Research into the thought of J.R.R. Tolkien now benefits from an enormous wealth of posthumous writings, largely (not solely) the legacy of the editorial work of the late Christopher Tolkien. We may call this collected body of writings the canon. At the same time, such work as well as other studies (e.g. John Garth on Tolkien and the Great War) reveals more of Tolkien’s biography. Putting two and two together here is my biographical reading of the situation of The Lord of the Rings in this canon.
A mid-life crisis of sorts is discernible in the unfinished Lost Road novel of 1936, with its fantasy of a drab and impoverished series of father-son scholars, by turns philologists and historians, who travel back in time to discover the end of myth and the dawn of history in the drowning of Atlantis.
The lasting legacy of the Lost Road was precisely this reworking of Plato’s myth of Atlantis as the story of how and why the world was made round and Númenor drowned beneath the waves. The legacy consists in the fact that Elendil escaped the deluge and arrived on the shores of our Middle-earth (as dimly recalled in modern times in stories of a king, Sheaf, who was sent to his people as a babe in a boat over the ocean), thereby providing the ancestry of Strider, who is Aragorn, heir Elendil and his son Isildur. But the enormous importance of this story for the imagination of The Lord of the Rings obscures, however, its significance to Tolkien at the time of its composition (which I have investigated in depth here). What we fail to register is that this story is intended as a conclusion to the Silmarillion stories – ‘here ends the history of the ancient world as told by the Elves’, as the 1936 myth concludes. In 1936 J.R.R. Tolkien was in some sense putting away his youthful fairy stories by way of making an end in the story of Númenor.
And then The Hobbit was published and they asked for a sequel and at first Tolkien tried to make it into the sequel to a 1934 poem, ‘The Adventures of Tom Bombadil,’ but in the autumn of 1939 began to think that it might make a continuation of the story of the exiles of Númenor, told in the last pages of the 1936 myth and, as such, an alternative ending to the Silmarillion stories.

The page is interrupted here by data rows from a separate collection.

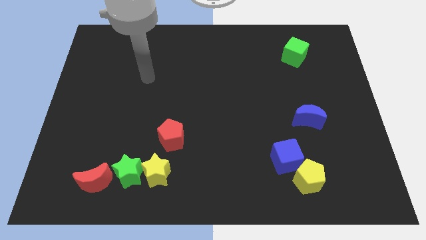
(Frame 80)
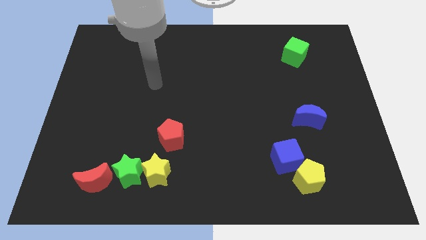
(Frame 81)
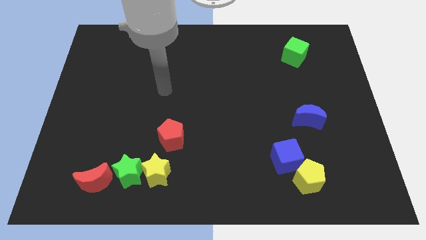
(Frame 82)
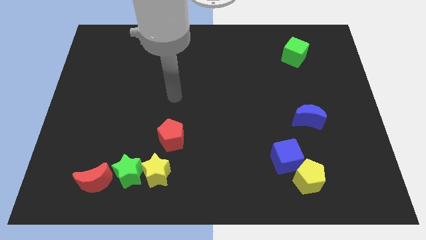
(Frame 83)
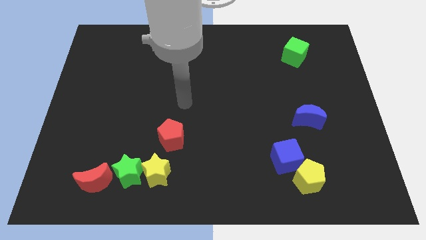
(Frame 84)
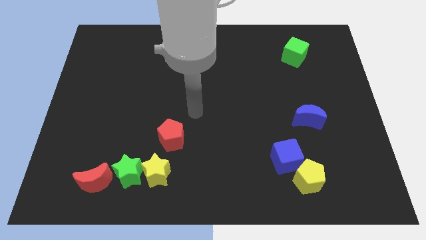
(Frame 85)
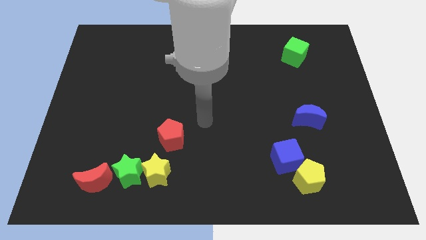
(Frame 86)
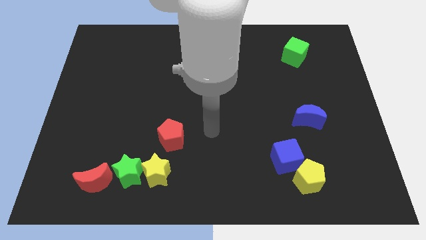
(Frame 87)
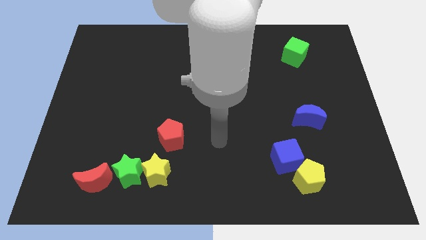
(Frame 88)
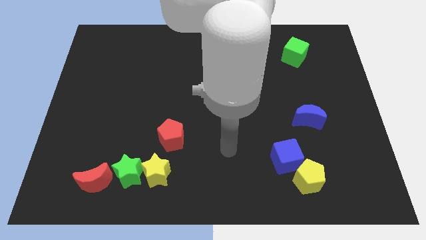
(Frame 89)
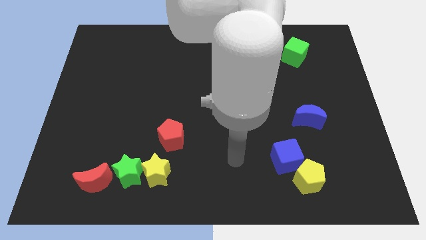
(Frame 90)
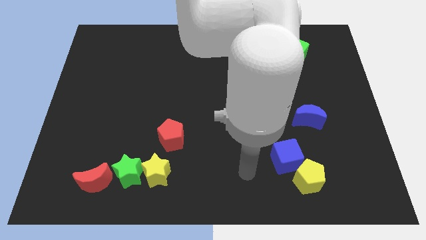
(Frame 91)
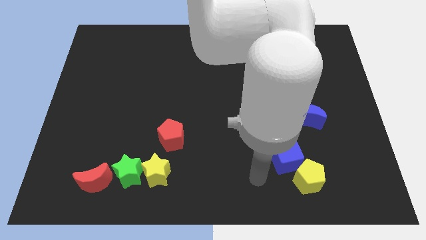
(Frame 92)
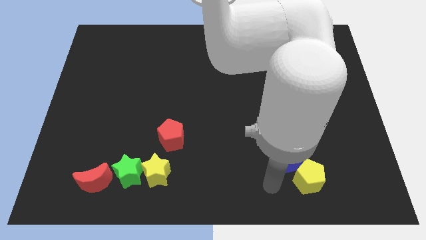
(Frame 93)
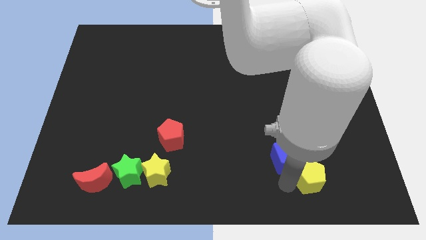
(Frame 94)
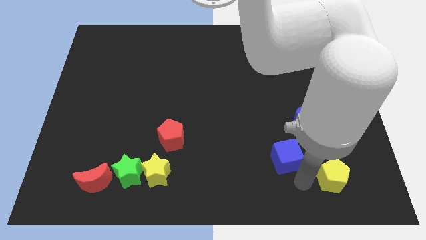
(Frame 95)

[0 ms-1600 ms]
pull the blue cube apart from the yellow pentagon

An idea that emerges in the wake of a radio announcement on September 3, 1939: Britain has declared war on Germany, and a vision of the tale of the Great War of the Ring begins to unveil itself in JRRT’s mind.
And that, really, was that, as poor Edith must have seen all too clearly. With a world shattering turn to war, Tolkien grasped at that creative imagination vital to his inner survival and found in writing a story, and glimpsed that his new hobbit story might make a fitting (protracted) ending to the Silmarillion stories: a tale of how Three Elvish Rings connected Myth and History in the Third Age of Middle-earth and the hole in reality inadvertently opened out of which Sauron made a back door by incarnating himself in a tiny gold ring. A suitably grand finale. But one has to sympathize with his colleagues, who still hoped the great philologist would produce a definitive tome, not to mention his wife, who must have been hoping her husband would soon spend more time with her in the garden.
On the good side, of course, Tolkien’s fairy-story-making addiction (if one may so put it) gave us The Lord of the Rings.
Seeing The Lord of the Rings as a more elaborate version of the 1936 closure invites especially meditation on the legendary appendage to the myth, which tells of a king of the mortal exiles in history, Elendil, whose people built high coastal towers and who made a last alliance with the Elf-king and confronted Sauron outside his hold in Mordor, and vanquished him but died. And it brings into view, too, the story of a tower built by the sea told also in 1936 by a man who did not yet know that thanks to Bilbo Baggins he would build a tower to rival the Beowulf.